C++ program to count the inversions in the given array
Introduction
An inversion is formed between two elements a[i] and a[j], if a[i] > a[j] and i<j.
Let us assume a array
3 5 6 9 1 2 7 8
Possible inversion in the array are:
Inversions: 10
Explanation: (3,1), (3,2), (5,1), (5,2), (6,1), (6,2)
(9,1), (9,2), (9,7), (9,8)
Algorithm:
1. Compare the values of the element with each other.

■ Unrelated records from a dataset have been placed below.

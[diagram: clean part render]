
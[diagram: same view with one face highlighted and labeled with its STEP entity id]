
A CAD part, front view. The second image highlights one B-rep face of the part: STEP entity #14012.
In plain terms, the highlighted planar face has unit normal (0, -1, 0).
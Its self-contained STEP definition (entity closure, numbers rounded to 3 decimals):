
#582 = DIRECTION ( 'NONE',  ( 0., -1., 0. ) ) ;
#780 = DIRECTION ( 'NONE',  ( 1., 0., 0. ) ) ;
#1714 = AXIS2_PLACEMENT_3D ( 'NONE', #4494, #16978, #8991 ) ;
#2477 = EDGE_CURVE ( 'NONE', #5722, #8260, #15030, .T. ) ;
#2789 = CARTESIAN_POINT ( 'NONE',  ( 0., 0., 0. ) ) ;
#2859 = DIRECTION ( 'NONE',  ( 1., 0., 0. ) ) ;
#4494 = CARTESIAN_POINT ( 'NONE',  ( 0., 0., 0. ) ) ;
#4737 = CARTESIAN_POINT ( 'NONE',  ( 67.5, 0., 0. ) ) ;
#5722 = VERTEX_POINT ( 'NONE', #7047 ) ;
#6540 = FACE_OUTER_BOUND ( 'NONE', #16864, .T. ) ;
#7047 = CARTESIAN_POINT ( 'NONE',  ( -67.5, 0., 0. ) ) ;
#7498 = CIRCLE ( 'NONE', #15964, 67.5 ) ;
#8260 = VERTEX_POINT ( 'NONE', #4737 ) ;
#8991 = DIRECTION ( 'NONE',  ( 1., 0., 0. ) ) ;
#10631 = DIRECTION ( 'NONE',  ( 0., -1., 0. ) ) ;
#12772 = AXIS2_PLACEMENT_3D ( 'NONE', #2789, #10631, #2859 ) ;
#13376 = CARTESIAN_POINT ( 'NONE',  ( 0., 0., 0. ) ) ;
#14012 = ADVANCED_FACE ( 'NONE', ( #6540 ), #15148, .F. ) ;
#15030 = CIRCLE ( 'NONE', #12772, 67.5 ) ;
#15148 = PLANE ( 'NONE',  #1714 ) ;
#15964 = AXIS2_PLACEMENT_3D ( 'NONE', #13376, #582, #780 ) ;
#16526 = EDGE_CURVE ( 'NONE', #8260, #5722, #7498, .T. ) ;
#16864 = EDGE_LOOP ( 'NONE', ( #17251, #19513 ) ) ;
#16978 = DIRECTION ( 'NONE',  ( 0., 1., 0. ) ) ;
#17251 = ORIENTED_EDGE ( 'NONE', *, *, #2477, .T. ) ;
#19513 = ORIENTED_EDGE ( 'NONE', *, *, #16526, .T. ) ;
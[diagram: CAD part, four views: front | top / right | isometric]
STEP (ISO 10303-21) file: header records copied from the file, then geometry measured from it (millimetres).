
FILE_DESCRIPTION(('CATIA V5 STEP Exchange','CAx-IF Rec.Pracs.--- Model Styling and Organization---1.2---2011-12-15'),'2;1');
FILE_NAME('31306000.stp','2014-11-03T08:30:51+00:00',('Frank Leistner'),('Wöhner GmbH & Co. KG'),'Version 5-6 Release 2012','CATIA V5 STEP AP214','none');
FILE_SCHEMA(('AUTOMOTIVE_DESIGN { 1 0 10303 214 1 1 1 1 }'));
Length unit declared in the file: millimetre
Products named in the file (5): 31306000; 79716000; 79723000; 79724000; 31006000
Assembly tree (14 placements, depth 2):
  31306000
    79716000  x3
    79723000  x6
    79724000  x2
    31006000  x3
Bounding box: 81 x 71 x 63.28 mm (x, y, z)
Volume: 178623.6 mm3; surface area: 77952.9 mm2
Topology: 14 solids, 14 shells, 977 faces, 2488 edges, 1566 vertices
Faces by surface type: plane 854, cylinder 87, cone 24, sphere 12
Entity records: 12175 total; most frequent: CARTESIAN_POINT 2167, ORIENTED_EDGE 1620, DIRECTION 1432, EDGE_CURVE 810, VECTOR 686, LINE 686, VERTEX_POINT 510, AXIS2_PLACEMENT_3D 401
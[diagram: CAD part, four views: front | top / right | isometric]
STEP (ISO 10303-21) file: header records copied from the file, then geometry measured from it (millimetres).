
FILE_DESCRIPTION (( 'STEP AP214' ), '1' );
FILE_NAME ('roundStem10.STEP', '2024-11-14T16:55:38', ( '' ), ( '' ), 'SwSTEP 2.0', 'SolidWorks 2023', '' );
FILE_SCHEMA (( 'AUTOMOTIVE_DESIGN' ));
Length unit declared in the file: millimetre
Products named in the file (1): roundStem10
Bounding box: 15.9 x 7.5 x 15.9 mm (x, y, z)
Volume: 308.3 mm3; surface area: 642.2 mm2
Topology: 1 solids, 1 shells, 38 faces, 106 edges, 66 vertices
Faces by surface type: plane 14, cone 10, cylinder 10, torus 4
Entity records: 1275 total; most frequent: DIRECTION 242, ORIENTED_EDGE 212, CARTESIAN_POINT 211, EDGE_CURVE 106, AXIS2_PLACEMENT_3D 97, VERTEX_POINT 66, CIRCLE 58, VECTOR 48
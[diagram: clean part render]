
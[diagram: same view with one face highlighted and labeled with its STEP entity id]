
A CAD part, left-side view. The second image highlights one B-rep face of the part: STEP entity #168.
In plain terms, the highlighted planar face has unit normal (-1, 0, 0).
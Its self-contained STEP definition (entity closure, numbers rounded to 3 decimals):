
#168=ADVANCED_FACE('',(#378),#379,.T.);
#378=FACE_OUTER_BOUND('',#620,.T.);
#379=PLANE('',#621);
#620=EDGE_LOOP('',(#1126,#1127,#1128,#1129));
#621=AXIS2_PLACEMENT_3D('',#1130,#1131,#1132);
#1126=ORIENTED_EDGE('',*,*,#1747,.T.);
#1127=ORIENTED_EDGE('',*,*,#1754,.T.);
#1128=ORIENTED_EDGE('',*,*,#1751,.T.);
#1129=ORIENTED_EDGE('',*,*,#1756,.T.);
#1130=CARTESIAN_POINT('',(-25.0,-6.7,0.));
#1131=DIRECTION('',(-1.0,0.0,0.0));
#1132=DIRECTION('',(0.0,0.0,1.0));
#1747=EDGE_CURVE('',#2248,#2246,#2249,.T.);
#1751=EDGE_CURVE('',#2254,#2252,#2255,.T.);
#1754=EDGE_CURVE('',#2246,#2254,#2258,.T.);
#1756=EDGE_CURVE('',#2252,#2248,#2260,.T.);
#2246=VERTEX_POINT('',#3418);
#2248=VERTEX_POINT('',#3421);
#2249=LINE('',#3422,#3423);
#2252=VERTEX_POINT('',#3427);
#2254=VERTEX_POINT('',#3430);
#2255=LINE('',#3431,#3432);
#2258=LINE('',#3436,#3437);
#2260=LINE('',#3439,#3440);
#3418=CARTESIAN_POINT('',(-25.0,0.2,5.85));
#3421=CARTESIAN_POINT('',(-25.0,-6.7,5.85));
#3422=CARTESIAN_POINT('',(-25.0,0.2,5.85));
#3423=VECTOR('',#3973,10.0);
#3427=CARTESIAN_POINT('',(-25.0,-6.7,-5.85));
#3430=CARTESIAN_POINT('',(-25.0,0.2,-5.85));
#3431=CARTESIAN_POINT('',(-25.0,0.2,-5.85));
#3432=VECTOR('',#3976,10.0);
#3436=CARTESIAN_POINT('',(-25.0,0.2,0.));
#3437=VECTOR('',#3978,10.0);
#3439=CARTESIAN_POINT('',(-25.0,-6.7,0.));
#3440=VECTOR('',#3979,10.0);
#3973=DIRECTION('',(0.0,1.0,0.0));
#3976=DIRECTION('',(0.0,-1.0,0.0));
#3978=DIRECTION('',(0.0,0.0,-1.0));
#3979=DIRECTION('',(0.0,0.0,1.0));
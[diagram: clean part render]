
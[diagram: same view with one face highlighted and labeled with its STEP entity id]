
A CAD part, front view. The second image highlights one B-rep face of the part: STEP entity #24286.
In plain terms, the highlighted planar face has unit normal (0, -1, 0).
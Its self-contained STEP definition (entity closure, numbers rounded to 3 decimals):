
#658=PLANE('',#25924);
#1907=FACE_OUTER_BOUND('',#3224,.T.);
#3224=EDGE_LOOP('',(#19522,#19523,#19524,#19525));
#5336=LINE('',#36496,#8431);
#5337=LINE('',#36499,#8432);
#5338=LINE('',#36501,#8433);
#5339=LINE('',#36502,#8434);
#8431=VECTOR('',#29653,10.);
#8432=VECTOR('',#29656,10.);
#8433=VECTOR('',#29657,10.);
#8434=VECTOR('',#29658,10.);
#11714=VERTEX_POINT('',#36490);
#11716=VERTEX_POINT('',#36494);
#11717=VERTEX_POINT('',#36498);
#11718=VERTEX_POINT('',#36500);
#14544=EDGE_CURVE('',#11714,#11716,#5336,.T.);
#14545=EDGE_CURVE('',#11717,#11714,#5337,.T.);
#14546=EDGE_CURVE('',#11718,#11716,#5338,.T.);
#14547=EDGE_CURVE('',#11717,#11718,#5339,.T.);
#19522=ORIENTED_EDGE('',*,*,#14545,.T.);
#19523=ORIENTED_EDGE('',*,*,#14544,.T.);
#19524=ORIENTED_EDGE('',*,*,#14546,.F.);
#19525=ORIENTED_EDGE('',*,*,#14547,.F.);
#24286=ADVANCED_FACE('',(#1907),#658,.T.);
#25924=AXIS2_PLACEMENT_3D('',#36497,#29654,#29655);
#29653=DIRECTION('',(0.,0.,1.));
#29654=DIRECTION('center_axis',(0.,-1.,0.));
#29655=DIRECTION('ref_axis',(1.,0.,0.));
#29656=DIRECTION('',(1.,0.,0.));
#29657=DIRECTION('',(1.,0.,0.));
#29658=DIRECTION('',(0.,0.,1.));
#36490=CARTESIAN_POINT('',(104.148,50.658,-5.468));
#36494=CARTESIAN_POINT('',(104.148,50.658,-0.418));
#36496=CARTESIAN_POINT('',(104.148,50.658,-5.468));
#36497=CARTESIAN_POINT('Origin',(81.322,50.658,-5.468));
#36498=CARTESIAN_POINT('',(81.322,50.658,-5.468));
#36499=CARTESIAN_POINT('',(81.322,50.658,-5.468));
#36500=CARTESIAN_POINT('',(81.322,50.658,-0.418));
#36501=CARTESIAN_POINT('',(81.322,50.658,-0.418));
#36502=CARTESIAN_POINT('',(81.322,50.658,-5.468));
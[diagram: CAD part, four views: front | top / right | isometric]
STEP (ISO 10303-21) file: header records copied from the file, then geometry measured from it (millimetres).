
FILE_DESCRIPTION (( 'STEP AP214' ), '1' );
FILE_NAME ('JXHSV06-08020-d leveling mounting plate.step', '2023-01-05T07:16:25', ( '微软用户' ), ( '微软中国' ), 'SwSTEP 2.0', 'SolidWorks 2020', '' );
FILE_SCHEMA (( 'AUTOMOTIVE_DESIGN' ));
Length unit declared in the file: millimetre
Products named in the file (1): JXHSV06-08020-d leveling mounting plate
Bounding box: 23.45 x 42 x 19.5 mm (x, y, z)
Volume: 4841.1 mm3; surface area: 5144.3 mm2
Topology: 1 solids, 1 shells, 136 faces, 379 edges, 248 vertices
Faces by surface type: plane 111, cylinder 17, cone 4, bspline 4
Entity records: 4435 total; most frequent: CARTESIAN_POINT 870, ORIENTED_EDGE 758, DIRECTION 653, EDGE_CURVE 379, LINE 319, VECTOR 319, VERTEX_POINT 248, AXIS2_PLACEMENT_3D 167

2. Increment the counter if the value at lower index is higher.
3. Display the result.
2. Increment the counter if the value at lower index is higher.
3. Display the result.
Program:
#include<iostream>
using namespace std;
int CountInversion(int a[], int n)
{
int i, j, count = 0;
for(i = 0; i < n; i++)
{
for(j = i+1; j < n; j++)
if(a[i] > a[j])
count++;
}
return count;
}
int main()
{
int n, i;
cout<<"\nEnter the number of data elements: "<<endl;
cin>>n;
int arr[n];
cout<<"Enter elements : ";
for(i = 0; i < n; i++)
{
cin>>arr[i];
}
// Printing the number of inversion in the array.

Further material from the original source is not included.